|
|
|
|
|
|
A Sea Change With changing demographics and sky-high real estate, where is Longboat Key headed? Ilene Denton explores. Ilene Denton |
Rogers, who celebrated her 30th year of selling Longboat Key real estate in 2004, discovered the island in the 1960s as a vacationer at The Colony, "back when it was cottages with little screened-in porches, when Herb Field [an early island developer whose Buccaneer Inn on Dream Island Road was beloved by children, who could pick a prize from an overflowing treasure chest when they finished their meal] owned it," she remembers. A warm and energetic woman, she's one of Michael Saunders & Company's top producers, a member of an informal club of realtors who sold more than $30 million worth of Longboat real estate in 2003. ("But don't print that," she says. "It was much, much more.")
"In the old days, it was mostly Midwestern and only retirees," Rogers remembers. "Now a lot of younger people are coming in-young retirees and even people with children. It's a lot more interesting." Rogers stops to take a call from a Baltimore client, a businessman with a young family who plans to fly in the next morning and spend the day previewing potential second homes. Rogers' only dilemma: He wants something in the $700,000 range, and she's only found 11 listings on the island she can show him.
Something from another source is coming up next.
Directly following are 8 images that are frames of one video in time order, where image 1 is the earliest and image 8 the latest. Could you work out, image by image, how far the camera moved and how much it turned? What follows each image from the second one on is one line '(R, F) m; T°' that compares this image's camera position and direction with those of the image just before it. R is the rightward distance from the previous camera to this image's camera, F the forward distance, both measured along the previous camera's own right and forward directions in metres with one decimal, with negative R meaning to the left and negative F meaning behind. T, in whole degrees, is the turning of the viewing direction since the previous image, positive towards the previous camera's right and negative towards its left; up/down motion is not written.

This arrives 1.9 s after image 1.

In the mid-1920s, John Ringling had big plans for bringing tourism to Longboat. He spent a fortune building a Ritz-Carlton on the island's southern tip, where the Chart House now stands. The Florida real estate bust and stock market crash of 1929, however, put an end to his dreams; the half-finished shell deteriorated for decades and was finally demolished in 1964.
Today, the island's tourism industry faces new adversity in the razing of hotel properties, large and small, to make way for high-end condominiums.
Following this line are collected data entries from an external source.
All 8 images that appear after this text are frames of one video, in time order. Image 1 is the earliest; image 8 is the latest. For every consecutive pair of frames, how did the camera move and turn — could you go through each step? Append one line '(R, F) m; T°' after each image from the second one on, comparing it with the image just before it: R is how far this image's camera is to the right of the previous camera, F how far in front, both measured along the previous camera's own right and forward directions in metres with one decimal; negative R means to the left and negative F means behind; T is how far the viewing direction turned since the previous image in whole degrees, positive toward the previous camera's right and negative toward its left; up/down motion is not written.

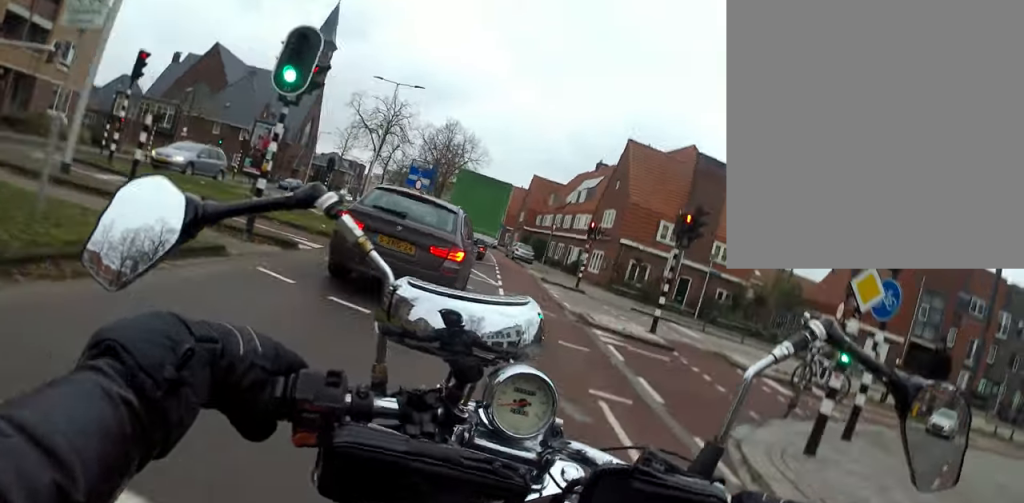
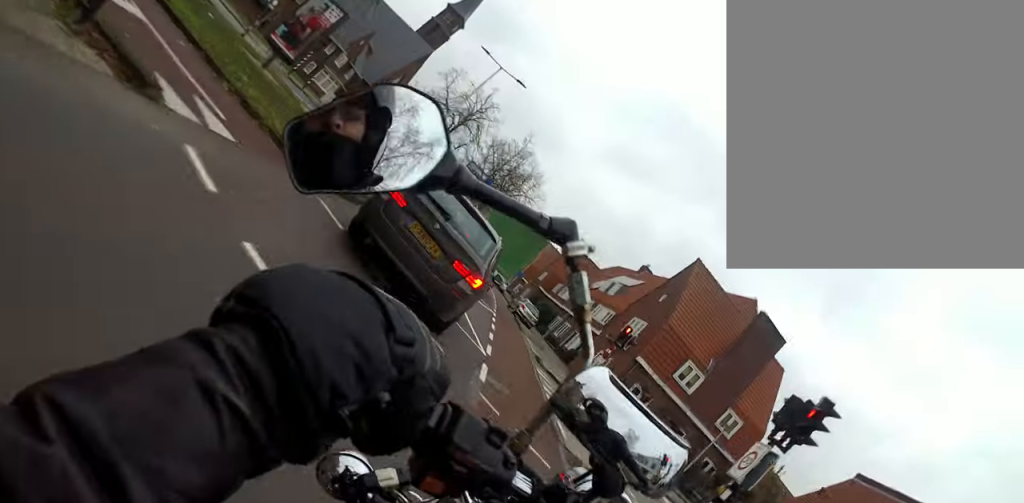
(-0.8, +4.6) m; +2°
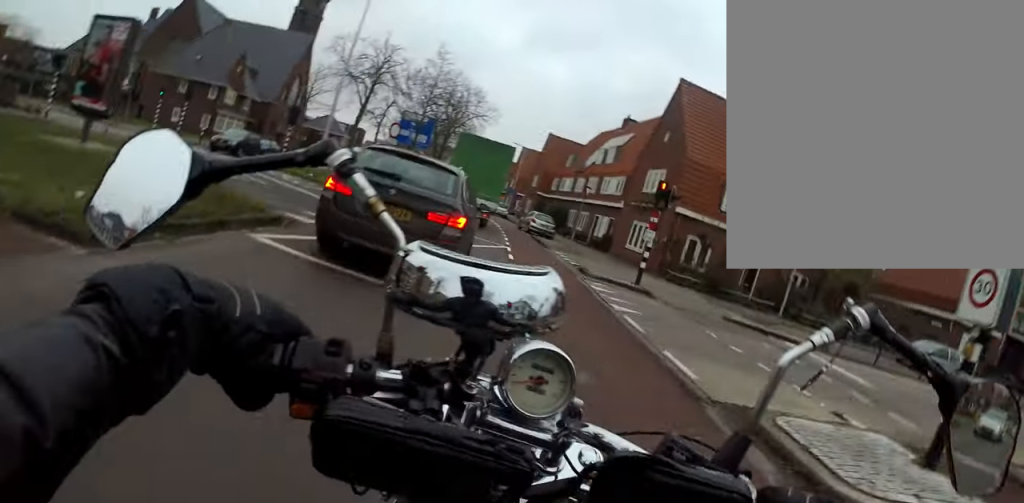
(+0.2, +3.3) m; +5°
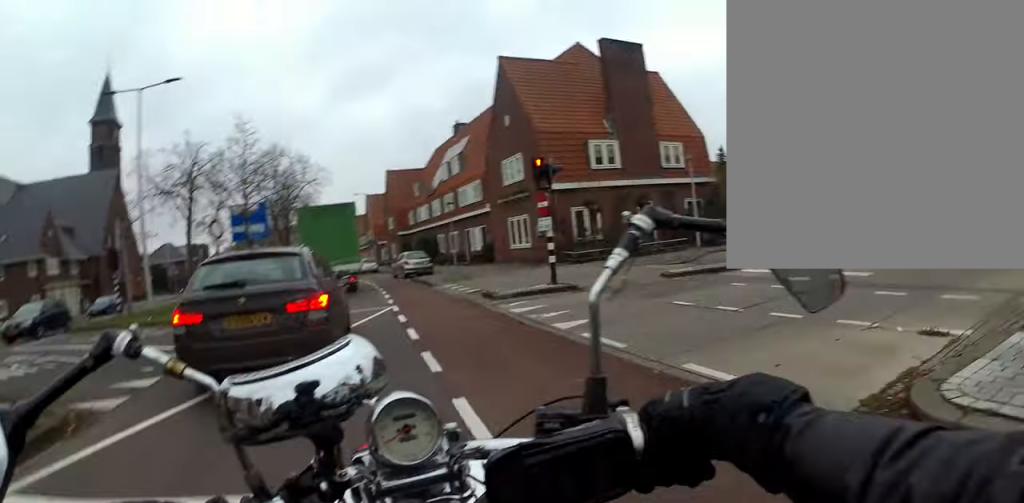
(+0.4, +2.5) m; +5°
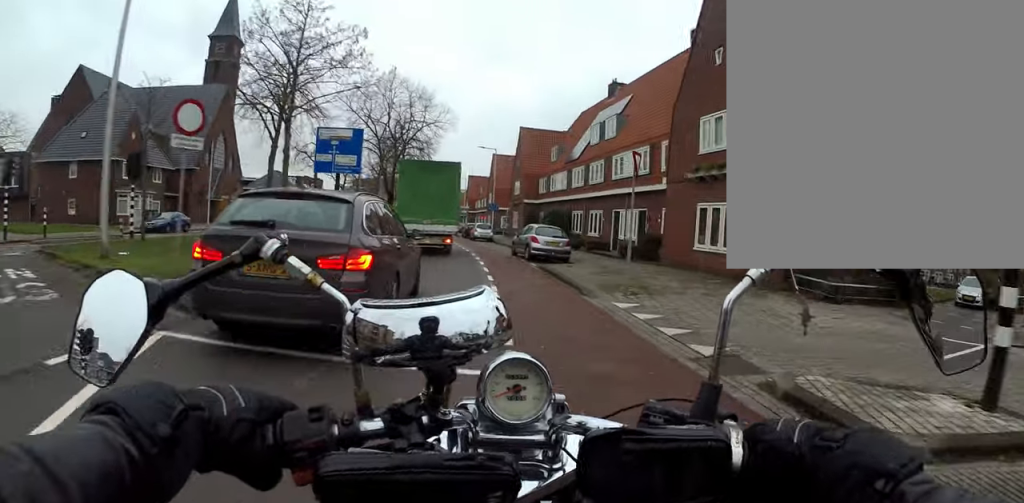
(+0.3, +8.5) m; -9°
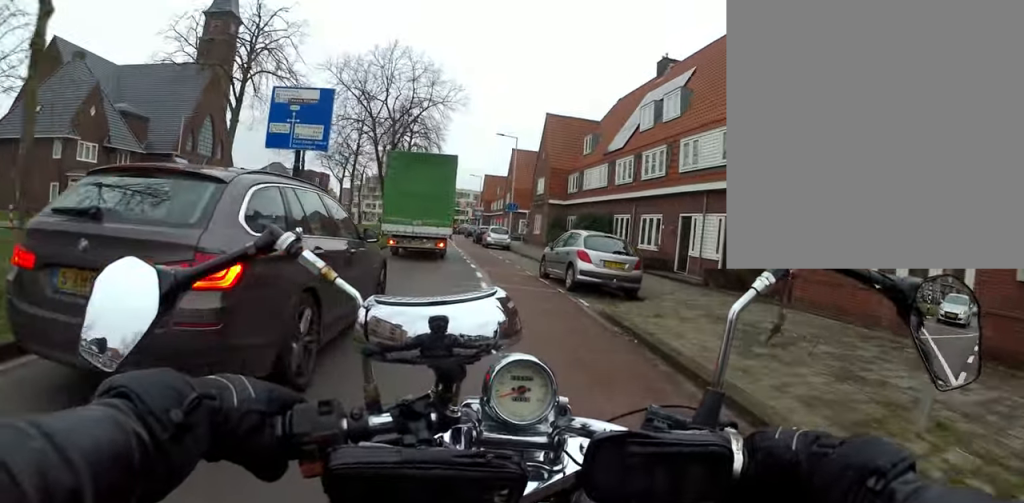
(-0.8, +7.4) m; +4°
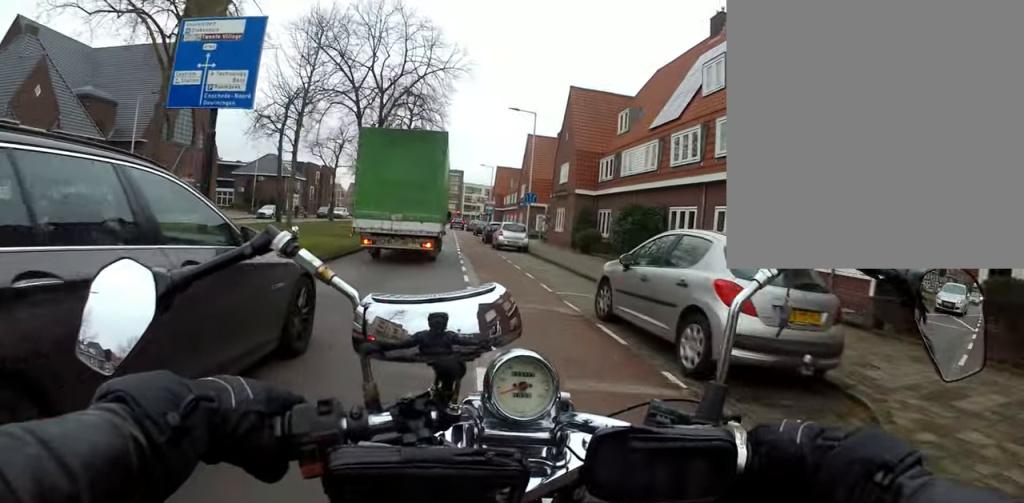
(+1.0, +6.6) m; +4°
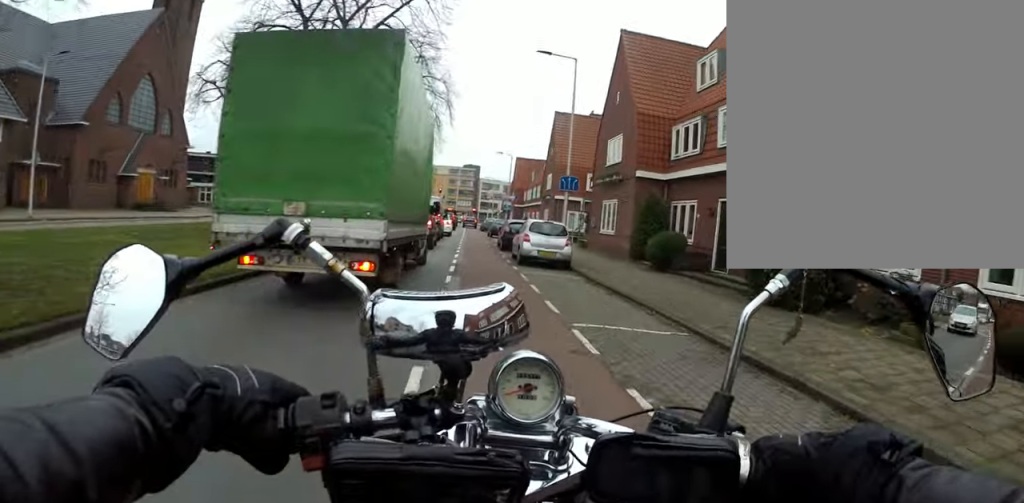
(-1.7, +8.9) m; -8°

Shop and restaurant owners are nervously eyeing the closure last year of the 146-room Holiday Inn and the 50-room Silver Beach Resort, both on the Manatee County side of Longboat. The smaller, six-unit Starfish Motel also sold, but it remains open through the season; demolition is scheduled for this spring. The 25-room Holiday Beach resort was sold, but the new owners are denying rumors that it's coming down. (A look at the sale price explains why hotel owners might decide to sell out: The mom-and-pop resort was purchased in 1970 for $700,000; its owners sold it last July for $11.8 million.) And last fall, rumors swirled that the 14-unit Sea Bird Beach Resort would imminently close.
"We're definitely concerned," says Susan Estler, marketing director for the Bradenton Area Convention and Visitors Bureau. "Over the course of time, [the loss of these hotels] brings less people to the area, and that makes our job harder to promote the properties that are left." Let's face it, she says, the million-dollar-plus condos replacing these hotels "won't go into the rental pool."
Virginia Haley, executive director of the Sarasota Convention and Visitors Bureau, is also worried. "When you lose the hotel rooms, it's harder for places like restaurants and shops to stay open. And staying in a hotel is the most common way people are introduced to the area," she says. "Then the next time they come they say, 'Oh, we want to stay longer,' or 'we're maybe interested in relocating.'"
Historically, Longboat Key properties have drawn a large number of tourists to the area, accounting for about 15 percent of Sarasota County's bed tax, says Haley. "Remember that Longboat is split between the two counties," she says. "For us, the Longboat market has been the Resort at Longboat Key Club, the Colony, and the one- to six-month condo rentals. In Manatee County, it was the Holiday Inn and Hilton, and a lot of mom-and-pops."
Regardless of what side of the county line they choose, "the Longboat visitor is the most-wanted visitor," says Haley. "They spend a lot of money-and luxury travel is back big-time." They are older, more educated and wealthier than Sarasota County tourists as a whole, recent SCVB focus groups reveal. "They have the highest income of all our visitors in general," she says. How high? "We made a mistake and didn't ask high enough; we only asked to $125,000 or more, and the majority said more," Haley says. Interestingly, when the SCVB surveyed interests, Haley says, Longboat visitors were the only group who expressed an interest in attending the performing arts while on vacation.